======== Task inputs ========

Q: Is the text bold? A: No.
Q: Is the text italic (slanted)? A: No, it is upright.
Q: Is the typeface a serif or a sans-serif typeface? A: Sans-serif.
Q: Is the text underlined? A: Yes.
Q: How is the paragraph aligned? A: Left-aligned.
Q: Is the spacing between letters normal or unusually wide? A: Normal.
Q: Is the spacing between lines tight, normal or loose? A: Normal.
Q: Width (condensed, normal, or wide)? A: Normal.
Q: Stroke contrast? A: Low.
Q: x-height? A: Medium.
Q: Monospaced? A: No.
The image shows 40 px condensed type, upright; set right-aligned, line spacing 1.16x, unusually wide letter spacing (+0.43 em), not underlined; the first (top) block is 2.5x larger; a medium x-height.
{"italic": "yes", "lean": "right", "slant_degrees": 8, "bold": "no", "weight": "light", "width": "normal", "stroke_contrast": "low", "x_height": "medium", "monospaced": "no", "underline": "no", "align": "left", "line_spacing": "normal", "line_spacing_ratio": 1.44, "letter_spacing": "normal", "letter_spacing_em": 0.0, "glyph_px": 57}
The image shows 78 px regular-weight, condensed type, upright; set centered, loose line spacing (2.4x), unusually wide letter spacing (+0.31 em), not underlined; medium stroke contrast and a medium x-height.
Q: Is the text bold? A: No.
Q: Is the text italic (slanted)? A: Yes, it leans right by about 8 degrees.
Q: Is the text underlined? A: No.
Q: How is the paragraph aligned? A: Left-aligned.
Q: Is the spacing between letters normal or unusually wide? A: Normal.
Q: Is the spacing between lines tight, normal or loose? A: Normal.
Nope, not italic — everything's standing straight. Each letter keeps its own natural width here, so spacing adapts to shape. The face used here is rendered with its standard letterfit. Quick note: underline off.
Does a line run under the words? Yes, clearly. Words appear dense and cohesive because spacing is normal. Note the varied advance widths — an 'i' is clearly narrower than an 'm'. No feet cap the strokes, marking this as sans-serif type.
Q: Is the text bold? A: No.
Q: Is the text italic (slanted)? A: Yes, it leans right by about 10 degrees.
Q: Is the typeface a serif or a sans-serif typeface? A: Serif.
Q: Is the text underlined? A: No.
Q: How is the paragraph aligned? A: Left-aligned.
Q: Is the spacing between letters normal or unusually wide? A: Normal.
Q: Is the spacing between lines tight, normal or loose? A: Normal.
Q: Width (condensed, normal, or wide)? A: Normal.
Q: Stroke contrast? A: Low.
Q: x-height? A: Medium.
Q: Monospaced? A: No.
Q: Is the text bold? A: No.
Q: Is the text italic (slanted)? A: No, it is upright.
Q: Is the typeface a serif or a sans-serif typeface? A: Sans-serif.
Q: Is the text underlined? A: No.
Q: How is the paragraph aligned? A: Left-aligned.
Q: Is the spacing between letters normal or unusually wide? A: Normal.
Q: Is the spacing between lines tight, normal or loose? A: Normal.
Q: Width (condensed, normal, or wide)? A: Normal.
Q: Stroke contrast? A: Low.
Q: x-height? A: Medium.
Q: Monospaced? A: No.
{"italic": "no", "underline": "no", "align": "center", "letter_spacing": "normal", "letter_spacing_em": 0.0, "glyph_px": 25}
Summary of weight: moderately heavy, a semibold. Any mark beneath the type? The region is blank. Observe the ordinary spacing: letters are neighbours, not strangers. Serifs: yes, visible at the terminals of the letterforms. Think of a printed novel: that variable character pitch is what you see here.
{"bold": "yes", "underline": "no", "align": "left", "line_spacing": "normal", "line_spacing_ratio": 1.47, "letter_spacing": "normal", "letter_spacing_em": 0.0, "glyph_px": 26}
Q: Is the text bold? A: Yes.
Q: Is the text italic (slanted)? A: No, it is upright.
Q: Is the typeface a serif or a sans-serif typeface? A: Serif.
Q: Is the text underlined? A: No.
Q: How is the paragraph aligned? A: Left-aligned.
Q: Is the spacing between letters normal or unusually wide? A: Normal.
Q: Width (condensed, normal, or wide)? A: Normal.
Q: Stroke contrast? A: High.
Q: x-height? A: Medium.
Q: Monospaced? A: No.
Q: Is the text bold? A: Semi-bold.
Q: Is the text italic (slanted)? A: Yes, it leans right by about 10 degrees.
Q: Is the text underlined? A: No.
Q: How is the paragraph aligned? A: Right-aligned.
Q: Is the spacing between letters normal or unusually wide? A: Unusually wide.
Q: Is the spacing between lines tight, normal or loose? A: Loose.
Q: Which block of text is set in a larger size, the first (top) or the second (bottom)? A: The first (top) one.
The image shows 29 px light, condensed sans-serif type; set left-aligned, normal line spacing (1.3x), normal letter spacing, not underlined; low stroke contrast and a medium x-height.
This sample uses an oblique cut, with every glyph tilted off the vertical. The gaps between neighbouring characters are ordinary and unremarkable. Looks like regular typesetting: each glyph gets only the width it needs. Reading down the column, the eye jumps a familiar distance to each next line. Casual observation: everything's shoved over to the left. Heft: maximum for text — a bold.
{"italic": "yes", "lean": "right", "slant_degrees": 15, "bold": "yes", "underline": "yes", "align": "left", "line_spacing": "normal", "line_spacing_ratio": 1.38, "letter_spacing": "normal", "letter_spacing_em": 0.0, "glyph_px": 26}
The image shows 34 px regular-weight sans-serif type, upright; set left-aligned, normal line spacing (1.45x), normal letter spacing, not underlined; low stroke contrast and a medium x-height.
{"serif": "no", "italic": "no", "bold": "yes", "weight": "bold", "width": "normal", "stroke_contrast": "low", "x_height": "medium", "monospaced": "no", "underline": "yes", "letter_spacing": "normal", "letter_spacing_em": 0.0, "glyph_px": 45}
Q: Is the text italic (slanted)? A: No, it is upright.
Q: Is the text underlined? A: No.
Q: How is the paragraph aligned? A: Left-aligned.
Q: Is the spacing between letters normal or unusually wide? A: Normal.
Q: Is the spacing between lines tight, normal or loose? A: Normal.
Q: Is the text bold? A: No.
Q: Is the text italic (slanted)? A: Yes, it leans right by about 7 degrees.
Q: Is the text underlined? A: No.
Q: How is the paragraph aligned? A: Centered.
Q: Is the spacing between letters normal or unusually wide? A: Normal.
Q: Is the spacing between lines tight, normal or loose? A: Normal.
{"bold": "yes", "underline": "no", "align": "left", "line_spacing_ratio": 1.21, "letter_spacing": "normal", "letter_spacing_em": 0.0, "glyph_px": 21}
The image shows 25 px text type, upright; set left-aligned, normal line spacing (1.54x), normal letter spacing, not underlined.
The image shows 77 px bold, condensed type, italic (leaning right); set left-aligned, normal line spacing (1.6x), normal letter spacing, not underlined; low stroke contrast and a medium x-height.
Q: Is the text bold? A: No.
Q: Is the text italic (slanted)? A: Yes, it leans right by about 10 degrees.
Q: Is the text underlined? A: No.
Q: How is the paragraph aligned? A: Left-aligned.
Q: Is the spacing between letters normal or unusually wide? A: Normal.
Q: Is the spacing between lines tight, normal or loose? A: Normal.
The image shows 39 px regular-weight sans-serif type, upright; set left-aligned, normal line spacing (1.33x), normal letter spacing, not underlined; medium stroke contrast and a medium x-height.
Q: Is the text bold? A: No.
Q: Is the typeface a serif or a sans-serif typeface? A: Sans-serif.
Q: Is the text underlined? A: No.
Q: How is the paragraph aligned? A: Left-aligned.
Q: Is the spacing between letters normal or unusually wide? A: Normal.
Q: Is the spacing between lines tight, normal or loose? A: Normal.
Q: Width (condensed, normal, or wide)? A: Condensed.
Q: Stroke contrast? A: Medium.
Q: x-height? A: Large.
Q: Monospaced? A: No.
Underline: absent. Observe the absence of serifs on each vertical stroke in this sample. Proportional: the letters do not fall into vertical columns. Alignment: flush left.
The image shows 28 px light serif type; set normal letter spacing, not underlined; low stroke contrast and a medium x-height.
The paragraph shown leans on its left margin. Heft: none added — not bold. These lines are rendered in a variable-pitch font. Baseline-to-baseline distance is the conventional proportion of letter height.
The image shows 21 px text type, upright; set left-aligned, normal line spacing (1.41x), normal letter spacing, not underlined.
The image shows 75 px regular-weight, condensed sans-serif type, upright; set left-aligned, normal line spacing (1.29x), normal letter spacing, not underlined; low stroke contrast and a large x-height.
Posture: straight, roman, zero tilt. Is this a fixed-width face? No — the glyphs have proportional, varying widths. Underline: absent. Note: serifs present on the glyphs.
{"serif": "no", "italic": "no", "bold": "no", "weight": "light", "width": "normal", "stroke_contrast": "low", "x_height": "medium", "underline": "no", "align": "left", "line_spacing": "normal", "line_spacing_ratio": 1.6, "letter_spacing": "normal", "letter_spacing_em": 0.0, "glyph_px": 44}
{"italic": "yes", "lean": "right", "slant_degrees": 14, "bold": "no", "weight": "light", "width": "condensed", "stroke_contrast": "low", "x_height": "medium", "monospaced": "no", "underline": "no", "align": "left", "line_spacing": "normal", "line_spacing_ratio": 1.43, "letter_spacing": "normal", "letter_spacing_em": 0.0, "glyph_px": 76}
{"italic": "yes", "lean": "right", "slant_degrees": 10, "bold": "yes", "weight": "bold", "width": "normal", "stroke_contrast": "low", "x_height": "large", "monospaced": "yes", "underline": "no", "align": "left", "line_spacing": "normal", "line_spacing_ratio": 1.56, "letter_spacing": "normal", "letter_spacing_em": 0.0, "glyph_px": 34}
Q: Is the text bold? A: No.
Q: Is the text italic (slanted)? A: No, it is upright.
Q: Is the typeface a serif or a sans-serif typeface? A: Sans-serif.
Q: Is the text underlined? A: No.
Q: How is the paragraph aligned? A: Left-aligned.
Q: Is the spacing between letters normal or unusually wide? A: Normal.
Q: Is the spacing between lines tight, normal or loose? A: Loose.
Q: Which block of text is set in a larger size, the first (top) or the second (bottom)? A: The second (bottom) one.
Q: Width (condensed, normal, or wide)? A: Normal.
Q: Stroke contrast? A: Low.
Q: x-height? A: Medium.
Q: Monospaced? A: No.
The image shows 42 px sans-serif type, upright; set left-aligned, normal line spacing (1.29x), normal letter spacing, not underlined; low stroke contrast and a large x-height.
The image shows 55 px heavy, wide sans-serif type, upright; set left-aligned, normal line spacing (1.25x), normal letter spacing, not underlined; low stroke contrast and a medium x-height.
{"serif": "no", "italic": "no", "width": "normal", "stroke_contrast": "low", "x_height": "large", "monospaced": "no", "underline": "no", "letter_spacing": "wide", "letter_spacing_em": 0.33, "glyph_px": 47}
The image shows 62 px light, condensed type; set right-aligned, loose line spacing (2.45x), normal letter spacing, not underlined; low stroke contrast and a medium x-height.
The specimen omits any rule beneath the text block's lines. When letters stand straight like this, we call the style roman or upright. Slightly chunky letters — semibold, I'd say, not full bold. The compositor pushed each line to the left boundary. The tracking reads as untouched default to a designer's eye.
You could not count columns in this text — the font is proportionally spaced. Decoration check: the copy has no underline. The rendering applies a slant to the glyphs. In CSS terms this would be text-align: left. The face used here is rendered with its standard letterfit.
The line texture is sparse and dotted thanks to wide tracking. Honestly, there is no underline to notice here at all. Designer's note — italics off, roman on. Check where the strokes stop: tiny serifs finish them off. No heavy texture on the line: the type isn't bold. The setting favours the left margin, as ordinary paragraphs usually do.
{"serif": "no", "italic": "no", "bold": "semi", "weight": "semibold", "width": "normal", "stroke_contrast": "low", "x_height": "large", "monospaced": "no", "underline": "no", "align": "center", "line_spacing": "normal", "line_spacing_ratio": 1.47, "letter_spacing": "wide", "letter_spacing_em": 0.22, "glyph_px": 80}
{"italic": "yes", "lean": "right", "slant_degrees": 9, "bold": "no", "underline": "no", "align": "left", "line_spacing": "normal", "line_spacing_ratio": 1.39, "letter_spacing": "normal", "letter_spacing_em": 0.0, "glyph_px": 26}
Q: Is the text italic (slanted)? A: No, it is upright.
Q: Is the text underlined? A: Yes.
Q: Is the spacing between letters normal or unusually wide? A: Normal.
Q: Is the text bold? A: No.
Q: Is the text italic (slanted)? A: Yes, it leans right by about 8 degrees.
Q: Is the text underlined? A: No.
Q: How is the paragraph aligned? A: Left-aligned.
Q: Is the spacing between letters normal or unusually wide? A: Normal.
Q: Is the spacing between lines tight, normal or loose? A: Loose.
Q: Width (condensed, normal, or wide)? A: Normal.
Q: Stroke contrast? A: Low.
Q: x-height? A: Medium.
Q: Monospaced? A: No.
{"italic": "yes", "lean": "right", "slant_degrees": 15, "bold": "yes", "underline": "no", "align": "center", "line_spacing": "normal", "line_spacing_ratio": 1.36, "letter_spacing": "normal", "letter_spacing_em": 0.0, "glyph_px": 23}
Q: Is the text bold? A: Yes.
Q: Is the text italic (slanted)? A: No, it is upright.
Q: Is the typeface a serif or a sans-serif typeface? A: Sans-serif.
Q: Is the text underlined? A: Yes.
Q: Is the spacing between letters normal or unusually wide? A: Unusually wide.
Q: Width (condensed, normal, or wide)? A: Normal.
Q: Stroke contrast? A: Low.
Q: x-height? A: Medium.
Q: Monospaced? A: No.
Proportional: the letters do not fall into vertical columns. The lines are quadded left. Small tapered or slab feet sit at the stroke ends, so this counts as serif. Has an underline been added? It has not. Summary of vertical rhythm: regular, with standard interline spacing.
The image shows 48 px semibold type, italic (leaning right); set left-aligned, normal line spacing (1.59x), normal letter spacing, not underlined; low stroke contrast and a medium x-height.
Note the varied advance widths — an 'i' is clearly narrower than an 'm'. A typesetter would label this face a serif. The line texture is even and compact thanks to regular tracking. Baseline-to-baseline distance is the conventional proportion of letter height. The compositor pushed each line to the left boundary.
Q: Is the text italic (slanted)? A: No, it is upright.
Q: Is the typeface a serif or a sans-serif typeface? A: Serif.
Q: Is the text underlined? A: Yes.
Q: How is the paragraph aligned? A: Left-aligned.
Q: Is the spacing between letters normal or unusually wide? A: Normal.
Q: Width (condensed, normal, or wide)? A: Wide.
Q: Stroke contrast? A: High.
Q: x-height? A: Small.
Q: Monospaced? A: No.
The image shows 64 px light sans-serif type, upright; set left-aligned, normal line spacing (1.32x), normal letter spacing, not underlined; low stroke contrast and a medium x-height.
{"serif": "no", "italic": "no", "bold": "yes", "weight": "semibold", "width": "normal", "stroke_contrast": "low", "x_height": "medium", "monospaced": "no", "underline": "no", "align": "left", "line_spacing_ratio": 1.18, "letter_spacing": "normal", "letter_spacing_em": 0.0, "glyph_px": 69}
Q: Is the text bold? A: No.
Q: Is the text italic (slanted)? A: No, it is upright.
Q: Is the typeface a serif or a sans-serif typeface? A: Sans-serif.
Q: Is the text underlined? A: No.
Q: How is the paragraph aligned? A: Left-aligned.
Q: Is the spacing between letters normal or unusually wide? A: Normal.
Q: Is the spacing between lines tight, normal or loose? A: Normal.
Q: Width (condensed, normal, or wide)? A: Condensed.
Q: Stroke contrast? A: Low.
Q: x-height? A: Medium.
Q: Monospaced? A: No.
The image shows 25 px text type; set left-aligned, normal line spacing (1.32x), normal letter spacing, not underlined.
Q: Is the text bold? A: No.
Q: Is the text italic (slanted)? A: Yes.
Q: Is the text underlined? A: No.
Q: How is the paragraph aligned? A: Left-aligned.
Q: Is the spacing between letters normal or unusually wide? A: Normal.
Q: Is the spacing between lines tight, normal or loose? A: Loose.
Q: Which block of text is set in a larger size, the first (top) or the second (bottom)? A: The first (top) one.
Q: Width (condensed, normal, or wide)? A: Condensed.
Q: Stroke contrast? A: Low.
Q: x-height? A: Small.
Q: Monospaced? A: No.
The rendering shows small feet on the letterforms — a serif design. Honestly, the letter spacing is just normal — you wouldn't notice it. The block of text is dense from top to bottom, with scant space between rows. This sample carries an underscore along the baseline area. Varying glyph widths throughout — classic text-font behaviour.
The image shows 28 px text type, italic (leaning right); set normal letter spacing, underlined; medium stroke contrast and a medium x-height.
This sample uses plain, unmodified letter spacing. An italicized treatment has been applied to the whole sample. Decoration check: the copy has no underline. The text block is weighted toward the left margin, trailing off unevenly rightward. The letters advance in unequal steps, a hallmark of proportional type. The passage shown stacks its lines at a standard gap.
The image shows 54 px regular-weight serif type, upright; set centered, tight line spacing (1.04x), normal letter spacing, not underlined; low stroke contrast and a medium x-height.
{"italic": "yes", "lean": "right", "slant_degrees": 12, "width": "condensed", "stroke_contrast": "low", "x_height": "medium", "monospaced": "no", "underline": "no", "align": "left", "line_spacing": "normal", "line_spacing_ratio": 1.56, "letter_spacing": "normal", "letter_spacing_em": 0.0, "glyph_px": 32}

========

What is being asked:
You are asked to count the lines of the records above in which the word "pushed" occurs, and to give only that number.

Reply:
2